A new study reports that ectopic expression of fibroblast growth factor receptor 1 (FGFR1) reprogrammes energy metabolism in prostate cancer cells.

First, the effect of FGF signalling on cell metabolism was investigated. Fgfr1–/–Fgfr2–/–Frs2a–/– mouse embryonic fibroblasts (MEFΔF cells) had lower l-lactate dehydrogenase A chain (LDHA) and higher LDHB expression than parental MEFs, suggesting that FGF signalling regulates the reversible conversion of pyruvate to lactate via LDH isozymes. Indeed, further experiments revealed a shift from aerobic glycolysis to oxidative phosphorylation in MEFΔF cells and that FGFR1 enhances LDHA stability (via phosphorylation) and suppresses Ldhb transcription (via methylation).

In DU145 prostate cancer cells, FGFR1 knockout decreased LDHA protein expression and increased LDHB mRNA and protein levels, consistent with a role for FGFR1 in the post-translational and transcriptional regulation of these respective isozymes. In line with MEF observations, depletion of FGFR1 and LDHA induced a metabolic shift to oxidative phosphorylation, whereas LDHB depletion enhanced glycolysis. Subsequent DU145 xenograft experiments revealed that LDHA depletion reduced, but LDHB depletion enhanced, tumorigenicity.

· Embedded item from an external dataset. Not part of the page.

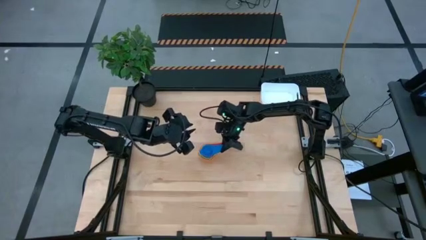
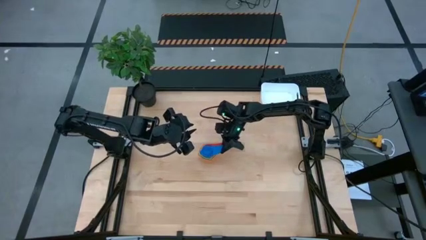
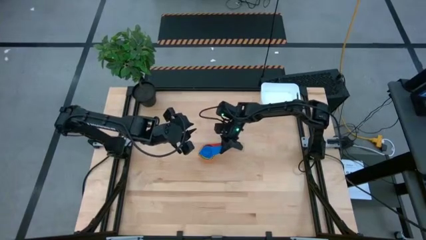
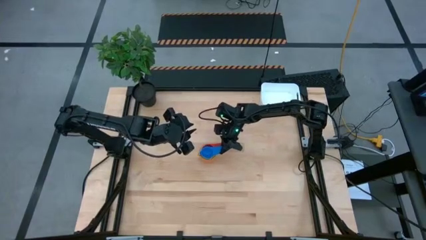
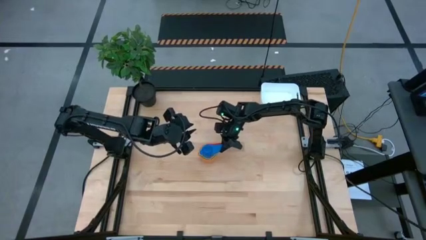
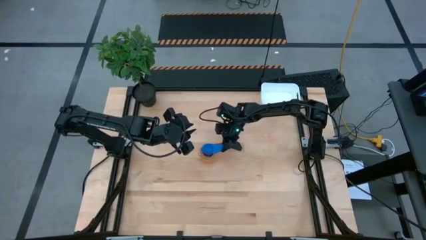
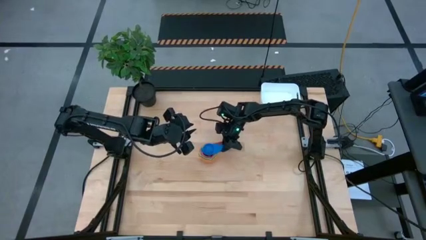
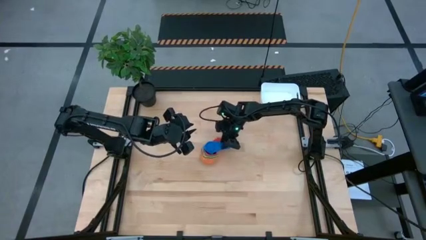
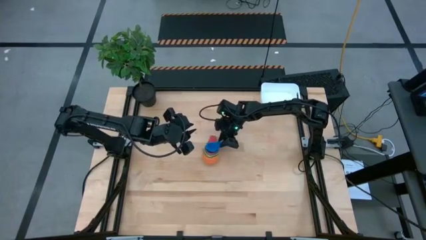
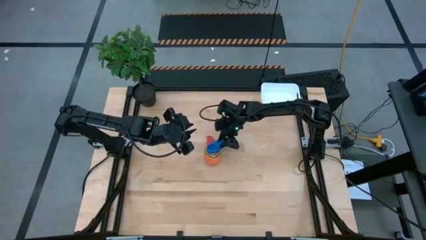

Clinical relevance was assessed using a tissue microarray comprising 225 prostate cancer samples and 27 benign prostate tissue samples annotated with 15-year follow-up data. Compared with benign tissues, prostate cancer tissues had higher levels of total and phosphorylated LDHA, lower LDHB levels, and higher FGFR1 expression, which were each associated with significantly shorter biochemical-recurrence-free survival.

The study shows that FGFR1 enhances aerobic glycolysis — the Warburg effect — to drive prostate cancer progression by differentially regulating LDHA and LDHB, which could be novel prognostic biomarkers.